The Median and Quartiles

The Median (\(m\)) is the value where 50% of the area lies to the left and 50% to the right. To find it, solve for \(m\) in this equation:
\(\int_{-\infty}^{m} f(x) dx = 0.5\)

Similarly:
- For the Lower Quartile (\(Q_1\)), the area is 0.25.
- For the Upper Quartile (\(Q_3\)), the area is 0.75.

Did you know? The median is the "fair cut" point. If the pdf was a piece of cake, the median is where you would cut it so two people get exactly the same amount of cake!

4. Measures of Spread: Variance and Standard Deviation

To see how "spread out" our data is, we calculate the Variance and Standard Deviation.

The Variance Formula

\(Var(X) = E(X^2) - [E(X)]^2\)

To find \(E(X^2)\), we use a similar integral to the mean, but with \(x^2\):
\(E(X^2) = \int x^2 f(x) dx\)

Memory Aid: "The Mean of the Squares minus the Square of the Mean." (MS - SM)

Standard Deviation

The Standard Deviation is simply the square root of the variance: \(\sigma = \sqrt{Var(X)}\).

Key Takeaway:
1. Find \(E(X)\) using \(\int x f(x) dx\).
2. Find \(E(X^2)\) using \(\int x^2 f(x) dx\).
3. Plug them into the Variance formula.

5. Expectation of Functions: \(E(g(X))\)

Sometimes, we aren't just interested in \(X\), but a function of \(X\), such as \(X^3\) or \(1/X\). The syllabus requires you to handle functions like \(5X^3\), \(18X^{-3}\), or \(6X^{-1}\).

The rule is simple: replace the \(x\) in the mean formula with your new function \(g(x)\):
\(E(g(X)) = \int g(x) f(x) dx\)

Example: To find \(E(18X^{-3})\), you would calculate \(\int (18x^{-3}) f(x) dx\).

6. Linear Transformations

What if we change the scale of our data? For example, if \(X\) is a temperature in Celsius and we want to convert it to a new scale \(aX + b\). We use these handy "short-cut" rules:

For Expectation: \(E(aX + b) = aE(X) + b\)
(The mean shifts and scales exactly as you'd expect.)

For Variance: \(Var(aX + b) = a^2 Var(X)\)
(Adding \(b\) doesn't change the spread, and scaling by \(a\) increases the variance by \(a^2\) because variance is "squared" units.)

Quick Review Box:
If \(E(X) = 10\) and \(Var(X) = 4\):
- \(E(2X + 5) = 2(10) + 5 = 25\)
- \(Var(2X + 5) = 2^2 \times 4 = 16\)

7. Independent Random Variables

If you have two random variables, \(X\) and \(Y\), that are independent (meaning the outcome of one doesn't affect the other), you can combine their means and variances easily.
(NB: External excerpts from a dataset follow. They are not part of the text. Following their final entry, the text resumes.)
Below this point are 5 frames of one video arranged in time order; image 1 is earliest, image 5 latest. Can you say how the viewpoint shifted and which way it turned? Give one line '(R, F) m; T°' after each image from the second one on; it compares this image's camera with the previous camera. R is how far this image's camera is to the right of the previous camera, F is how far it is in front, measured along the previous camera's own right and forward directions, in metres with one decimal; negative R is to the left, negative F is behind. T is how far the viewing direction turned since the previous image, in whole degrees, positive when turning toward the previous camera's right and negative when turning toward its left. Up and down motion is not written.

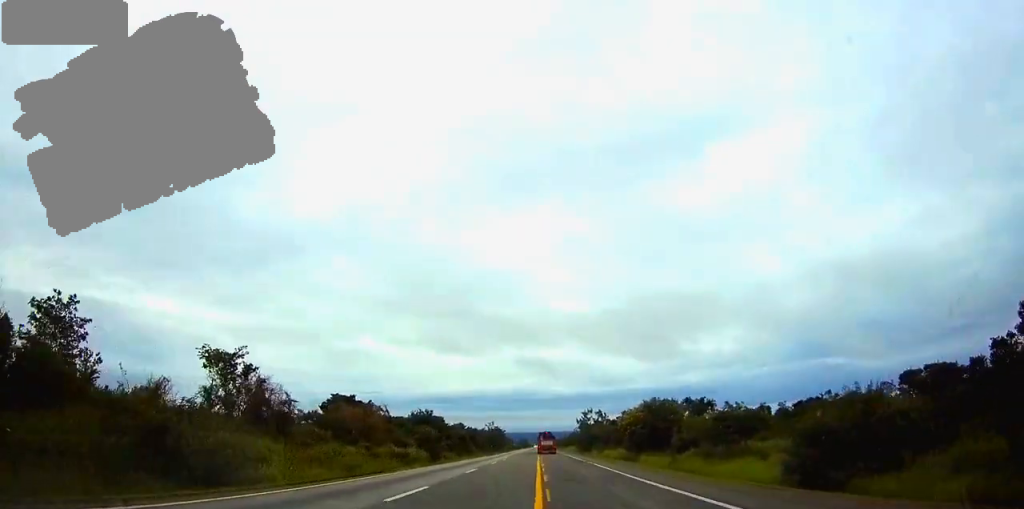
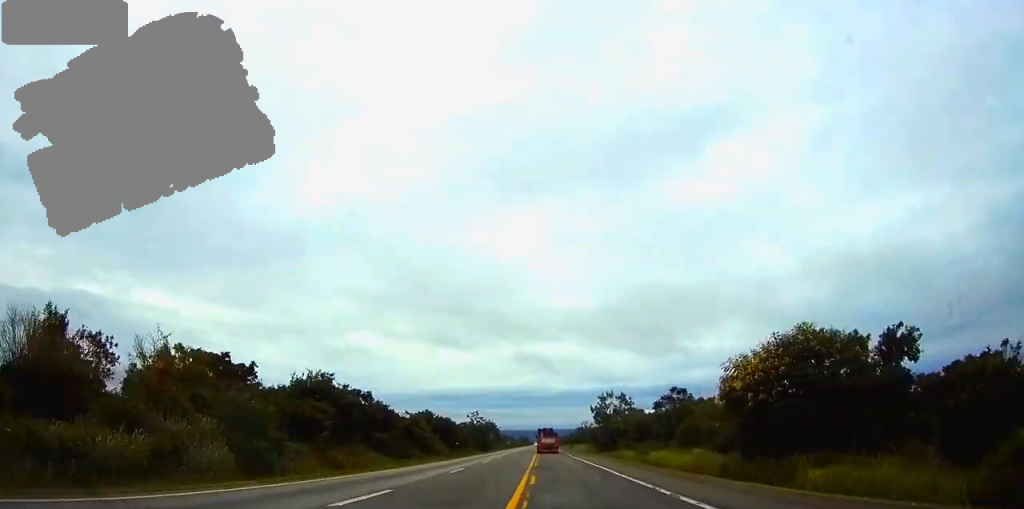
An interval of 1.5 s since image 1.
(-0.3, +51.7) m; 0°
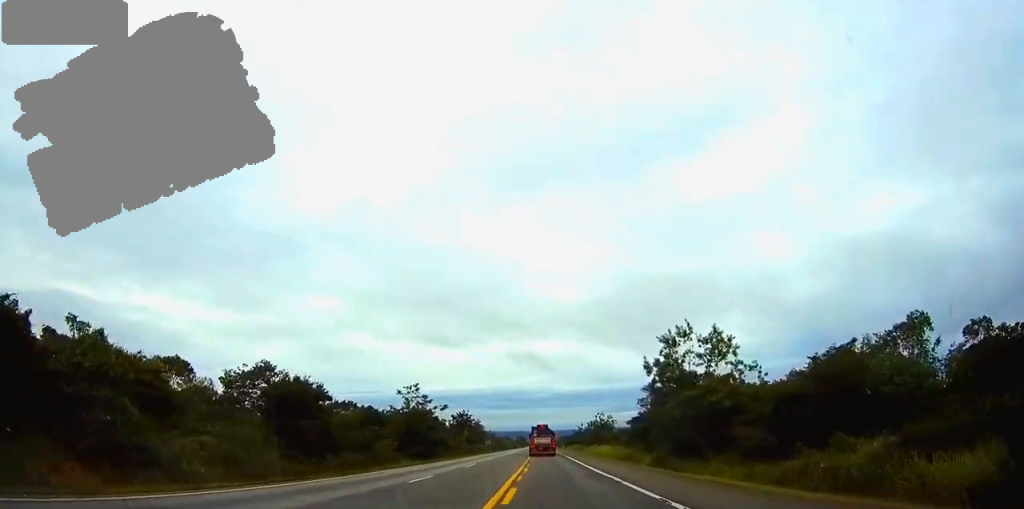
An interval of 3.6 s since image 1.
(+0.2, +72.7) m; 0°
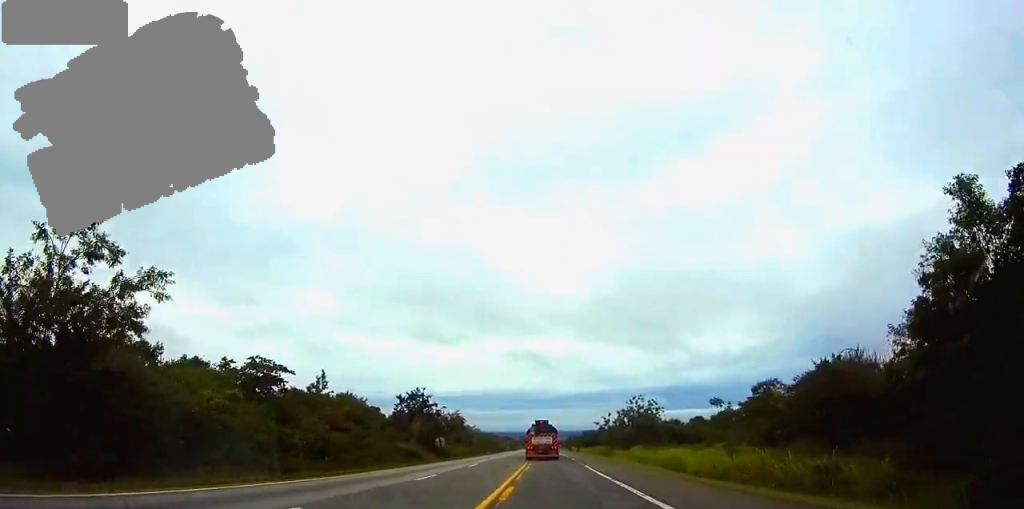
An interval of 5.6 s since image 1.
(-0.2, +64.1) m; 0°
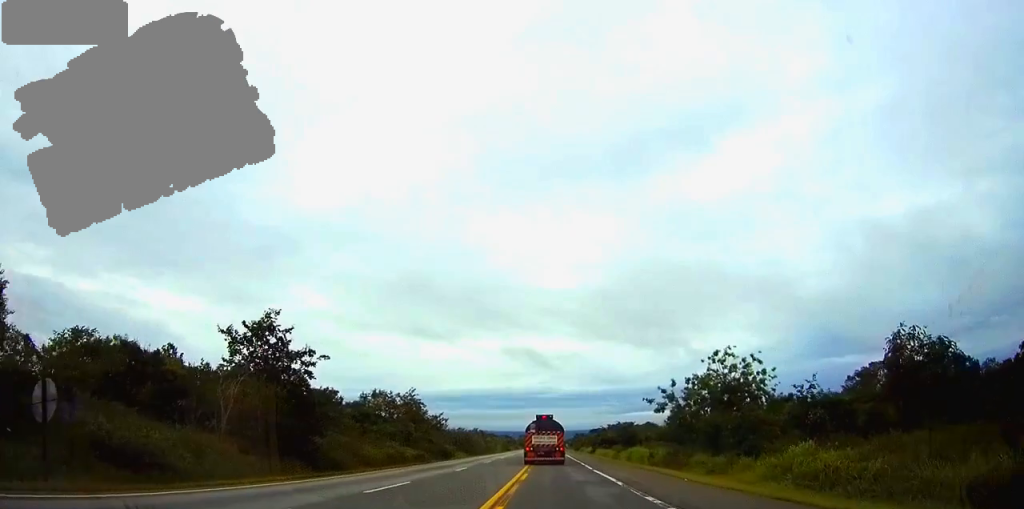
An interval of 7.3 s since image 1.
(-0.2, +55.9) m; 0°

Sum of Expectations: \(E(X + Y) = E(X) + E(Y)\)
Sum of Variances: \(Var(X + Y) = Var(X) + Var(Y)\)

Important Note: This variance rule only works if the variables are independent! Also, even if you are subtracting (finding \(Var(X - Y)\)), you still add the variances because the uncertainty (spread) always increases when you combine two variables!

Summary Table: Key Formulas

Total Probability: \(\int f(x) dx = 1\)
Mean \(E(X)\): \(\int x f(x) dx\)
\(E(X^2)\): \(\int x^2 f(x) dx\)
Variance \(Var(X)\): \(E(X^2) - [E(X)]^2\)
Median \(m\): Solve \(\int_{-\infty}^{m} f(x) dx = 0.5\)

Final Tip: Always sketch the function if you can! It helps you visualize the area and check if your calculated mean or median looks "sensible" on the graph.